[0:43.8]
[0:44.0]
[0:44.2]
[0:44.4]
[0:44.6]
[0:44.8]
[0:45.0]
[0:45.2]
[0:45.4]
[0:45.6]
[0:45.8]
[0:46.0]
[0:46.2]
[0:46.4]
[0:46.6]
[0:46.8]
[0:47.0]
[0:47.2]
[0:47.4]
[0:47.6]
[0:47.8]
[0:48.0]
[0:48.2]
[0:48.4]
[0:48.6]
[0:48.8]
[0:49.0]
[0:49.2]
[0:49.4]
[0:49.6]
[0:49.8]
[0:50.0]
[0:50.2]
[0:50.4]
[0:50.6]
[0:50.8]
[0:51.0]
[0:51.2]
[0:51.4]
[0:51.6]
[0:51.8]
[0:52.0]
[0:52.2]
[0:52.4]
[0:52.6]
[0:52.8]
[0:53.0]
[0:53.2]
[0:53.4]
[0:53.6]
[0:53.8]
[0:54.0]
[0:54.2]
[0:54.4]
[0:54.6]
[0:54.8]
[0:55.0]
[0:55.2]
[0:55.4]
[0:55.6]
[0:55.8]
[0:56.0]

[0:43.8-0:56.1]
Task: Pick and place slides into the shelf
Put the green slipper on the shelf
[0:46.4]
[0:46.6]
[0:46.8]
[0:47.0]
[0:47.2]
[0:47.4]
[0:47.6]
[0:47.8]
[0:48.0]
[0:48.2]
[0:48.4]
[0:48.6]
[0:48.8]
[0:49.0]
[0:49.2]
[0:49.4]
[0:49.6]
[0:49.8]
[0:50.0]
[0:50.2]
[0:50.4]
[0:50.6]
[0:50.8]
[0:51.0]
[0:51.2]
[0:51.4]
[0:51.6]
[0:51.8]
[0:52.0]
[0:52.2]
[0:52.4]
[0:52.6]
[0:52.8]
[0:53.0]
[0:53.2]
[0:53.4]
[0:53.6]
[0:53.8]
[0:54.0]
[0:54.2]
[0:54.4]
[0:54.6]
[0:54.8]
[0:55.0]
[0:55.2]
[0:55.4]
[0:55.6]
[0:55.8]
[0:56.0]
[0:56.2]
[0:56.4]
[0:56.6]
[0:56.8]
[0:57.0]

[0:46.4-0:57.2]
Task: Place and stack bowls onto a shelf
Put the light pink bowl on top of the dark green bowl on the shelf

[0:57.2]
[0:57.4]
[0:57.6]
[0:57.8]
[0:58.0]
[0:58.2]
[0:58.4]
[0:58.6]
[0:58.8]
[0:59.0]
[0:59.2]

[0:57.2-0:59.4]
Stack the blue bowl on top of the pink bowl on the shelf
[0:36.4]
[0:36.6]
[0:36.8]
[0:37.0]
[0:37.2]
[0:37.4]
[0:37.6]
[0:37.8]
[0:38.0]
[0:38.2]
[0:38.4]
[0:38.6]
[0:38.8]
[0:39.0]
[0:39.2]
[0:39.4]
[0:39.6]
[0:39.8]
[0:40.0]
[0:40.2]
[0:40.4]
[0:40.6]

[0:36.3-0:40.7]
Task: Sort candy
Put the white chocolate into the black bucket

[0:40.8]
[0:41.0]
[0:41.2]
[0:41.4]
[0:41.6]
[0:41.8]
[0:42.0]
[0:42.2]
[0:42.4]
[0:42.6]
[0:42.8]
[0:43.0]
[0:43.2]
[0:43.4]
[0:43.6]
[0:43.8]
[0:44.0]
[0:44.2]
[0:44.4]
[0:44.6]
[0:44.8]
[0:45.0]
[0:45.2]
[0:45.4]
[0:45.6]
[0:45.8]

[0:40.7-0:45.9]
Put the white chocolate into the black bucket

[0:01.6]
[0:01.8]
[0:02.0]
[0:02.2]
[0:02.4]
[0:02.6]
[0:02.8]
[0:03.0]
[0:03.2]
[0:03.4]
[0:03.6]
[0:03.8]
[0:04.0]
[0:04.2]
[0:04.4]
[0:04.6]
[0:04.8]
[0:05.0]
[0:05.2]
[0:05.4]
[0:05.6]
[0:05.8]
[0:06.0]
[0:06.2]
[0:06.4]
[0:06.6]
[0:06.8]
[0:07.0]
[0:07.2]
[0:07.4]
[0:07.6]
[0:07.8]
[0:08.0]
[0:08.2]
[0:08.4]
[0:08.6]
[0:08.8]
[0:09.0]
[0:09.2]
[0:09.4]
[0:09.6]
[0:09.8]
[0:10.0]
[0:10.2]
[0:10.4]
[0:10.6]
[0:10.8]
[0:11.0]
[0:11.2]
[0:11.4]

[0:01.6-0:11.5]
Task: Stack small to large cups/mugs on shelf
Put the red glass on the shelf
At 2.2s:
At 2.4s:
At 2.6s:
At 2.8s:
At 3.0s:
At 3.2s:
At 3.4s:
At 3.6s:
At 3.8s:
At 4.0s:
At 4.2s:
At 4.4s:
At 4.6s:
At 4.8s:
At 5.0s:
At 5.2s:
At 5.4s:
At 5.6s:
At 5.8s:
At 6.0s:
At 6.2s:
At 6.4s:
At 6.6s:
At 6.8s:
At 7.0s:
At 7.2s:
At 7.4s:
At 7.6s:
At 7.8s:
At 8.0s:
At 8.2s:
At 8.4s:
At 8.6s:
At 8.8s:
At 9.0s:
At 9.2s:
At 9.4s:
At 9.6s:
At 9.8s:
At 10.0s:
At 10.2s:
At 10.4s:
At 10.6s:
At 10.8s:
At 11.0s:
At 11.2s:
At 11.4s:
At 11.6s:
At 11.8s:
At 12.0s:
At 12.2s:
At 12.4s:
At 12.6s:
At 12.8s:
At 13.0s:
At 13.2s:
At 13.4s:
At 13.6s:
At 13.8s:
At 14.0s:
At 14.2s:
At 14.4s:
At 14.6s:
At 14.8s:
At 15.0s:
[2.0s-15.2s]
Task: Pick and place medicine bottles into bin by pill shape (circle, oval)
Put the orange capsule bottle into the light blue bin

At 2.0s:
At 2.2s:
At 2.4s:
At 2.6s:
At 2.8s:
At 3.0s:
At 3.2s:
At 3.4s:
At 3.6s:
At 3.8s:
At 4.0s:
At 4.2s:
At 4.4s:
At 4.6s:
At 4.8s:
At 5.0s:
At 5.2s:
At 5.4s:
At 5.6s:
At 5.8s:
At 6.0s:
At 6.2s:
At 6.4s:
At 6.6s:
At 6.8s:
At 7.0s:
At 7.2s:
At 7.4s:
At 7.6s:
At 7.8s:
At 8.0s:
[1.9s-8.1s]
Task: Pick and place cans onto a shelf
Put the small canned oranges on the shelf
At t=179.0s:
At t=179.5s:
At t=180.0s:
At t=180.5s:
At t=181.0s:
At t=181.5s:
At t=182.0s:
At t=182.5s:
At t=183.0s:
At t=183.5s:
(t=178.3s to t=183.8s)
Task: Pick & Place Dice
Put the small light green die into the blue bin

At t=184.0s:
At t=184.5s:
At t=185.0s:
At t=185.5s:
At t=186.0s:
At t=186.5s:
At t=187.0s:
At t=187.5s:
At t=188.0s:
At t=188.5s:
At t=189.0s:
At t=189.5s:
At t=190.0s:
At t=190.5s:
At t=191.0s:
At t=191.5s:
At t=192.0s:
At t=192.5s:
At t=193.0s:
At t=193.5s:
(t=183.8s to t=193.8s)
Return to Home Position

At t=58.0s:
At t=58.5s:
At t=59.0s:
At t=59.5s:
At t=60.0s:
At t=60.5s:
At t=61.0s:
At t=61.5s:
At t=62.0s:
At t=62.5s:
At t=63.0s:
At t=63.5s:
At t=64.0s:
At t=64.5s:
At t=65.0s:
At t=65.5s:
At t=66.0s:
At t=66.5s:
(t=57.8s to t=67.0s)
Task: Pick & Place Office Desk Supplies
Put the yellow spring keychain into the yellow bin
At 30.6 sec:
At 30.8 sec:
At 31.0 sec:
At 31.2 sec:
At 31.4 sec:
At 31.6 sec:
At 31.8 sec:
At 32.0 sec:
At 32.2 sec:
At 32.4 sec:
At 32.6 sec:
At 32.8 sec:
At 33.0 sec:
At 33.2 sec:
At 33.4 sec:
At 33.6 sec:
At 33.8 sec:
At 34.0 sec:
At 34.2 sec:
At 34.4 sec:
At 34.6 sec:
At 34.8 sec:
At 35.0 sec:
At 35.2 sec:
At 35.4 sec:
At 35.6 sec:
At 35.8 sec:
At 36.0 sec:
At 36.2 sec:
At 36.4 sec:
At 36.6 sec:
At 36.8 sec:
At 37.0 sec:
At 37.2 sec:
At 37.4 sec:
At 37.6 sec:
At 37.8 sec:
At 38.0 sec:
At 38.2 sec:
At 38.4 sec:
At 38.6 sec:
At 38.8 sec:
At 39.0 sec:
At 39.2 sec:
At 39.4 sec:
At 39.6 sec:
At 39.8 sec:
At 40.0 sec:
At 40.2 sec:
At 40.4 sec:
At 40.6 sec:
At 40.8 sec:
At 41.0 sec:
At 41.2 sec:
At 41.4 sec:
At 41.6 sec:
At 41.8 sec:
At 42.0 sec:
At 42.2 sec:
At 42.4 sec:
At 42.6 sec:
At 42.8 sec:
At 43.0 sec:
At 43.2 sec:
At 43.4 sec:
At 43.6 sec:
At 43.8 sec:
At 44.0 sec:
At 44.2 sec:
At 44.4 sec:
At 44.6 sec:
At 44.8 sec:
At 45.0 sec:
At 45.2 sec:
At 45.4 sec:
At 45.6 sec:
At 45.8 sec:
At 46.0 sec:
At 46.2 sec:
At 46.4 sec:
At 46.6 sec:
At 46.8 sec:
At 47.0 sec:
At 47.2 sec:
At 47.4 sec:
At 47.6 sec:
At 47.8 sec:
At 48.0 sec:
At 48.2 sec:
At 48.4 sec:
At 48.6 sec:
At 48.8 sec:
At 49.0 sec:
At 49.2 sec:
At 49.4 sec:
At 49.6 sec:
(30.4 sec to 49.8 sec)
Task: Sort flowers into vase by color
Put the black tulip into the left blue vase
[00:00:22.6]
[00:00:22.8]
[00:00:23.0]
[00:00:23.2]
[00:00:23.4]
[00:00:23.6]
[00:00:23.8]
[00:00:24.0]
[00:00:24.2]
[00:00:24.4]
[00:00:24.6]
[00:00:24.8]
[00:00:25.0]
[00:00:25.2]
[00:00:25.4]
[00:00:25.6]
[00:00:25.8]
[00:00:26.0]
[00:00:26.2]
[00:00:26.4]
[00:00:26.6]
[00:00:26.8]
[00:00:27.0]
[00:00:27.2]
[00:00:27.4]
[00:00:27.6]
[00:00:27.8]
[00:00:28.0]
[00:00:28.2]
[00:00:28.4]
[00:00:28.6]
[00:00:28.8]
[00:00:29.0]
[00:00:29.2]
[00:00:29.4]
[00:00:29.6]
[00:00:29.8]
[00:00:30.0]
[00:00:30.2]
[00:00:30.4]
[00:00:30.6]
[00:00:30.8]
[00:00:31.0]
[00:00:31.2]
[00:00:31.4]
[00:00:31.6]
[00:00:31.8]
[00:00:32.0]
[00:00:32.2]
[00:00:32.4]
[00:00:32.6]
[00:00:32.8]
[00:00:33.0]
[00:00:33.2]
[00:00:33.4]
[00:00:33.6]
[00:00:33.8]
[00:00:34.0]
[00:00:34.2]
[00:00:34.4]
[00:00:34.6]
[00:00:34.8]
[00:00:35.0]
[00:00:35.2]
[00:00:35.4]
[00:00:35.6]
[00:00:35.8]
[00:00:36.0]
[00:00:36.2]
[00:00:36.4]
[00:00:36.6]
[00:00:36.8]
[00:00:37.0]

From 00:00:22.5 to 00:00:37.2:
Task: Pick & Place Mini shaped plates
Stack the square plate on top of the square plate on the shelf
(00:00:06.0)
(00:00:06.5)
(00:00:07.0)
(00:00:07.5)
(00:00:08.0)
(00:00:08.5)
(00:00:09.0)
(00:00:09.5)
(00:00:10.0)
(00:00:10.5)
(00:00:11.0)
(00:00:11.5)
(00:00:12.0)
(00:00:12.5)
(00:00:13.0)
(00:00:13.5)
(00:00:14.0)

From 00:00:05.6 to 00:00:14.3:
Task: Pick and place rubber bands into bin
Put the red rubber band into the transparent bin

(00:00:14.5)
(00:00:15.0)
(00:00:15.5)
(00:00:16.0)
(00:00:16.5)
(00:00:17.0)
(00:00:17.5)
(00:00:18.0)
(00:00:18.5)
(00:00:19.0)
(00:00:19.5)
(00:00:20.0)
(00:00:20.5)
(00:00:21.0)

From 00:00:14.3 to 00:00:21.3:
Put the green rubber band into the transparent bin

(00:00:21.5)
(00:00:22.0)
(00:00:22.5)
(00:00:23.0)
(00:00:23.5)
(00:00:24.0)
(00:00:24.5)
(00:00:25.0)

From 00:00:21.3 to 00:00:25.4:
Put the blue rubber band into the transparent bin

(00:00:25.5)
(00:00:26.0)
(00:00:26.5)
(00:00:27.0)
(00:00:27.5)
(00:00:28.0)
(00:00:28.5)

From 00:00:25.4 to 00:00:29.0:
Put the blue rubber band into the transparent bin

—————

TASK REQUIREMENTS —
Copy out the lines above, from the one holding "(00:00:24.0)" through the final line, with no other lines.

WRITTEN ANSWER —
(00:00:24.0)
(00:00:24.5)
(00:00:25.0)

From 00:00:21.3 to 00:00:25.4:
Put the blue rubber band into the transparent bin

(00:00:25.5)
(00:00:26.0)
(00:00:26.5)
(00:00:27.0)
(00:00:27.5)
(00:00:28.0)
(00:00:28.5)

From 00:00:25.4 to 00:00:29.0:
Put the blue rubber band into the transparent bin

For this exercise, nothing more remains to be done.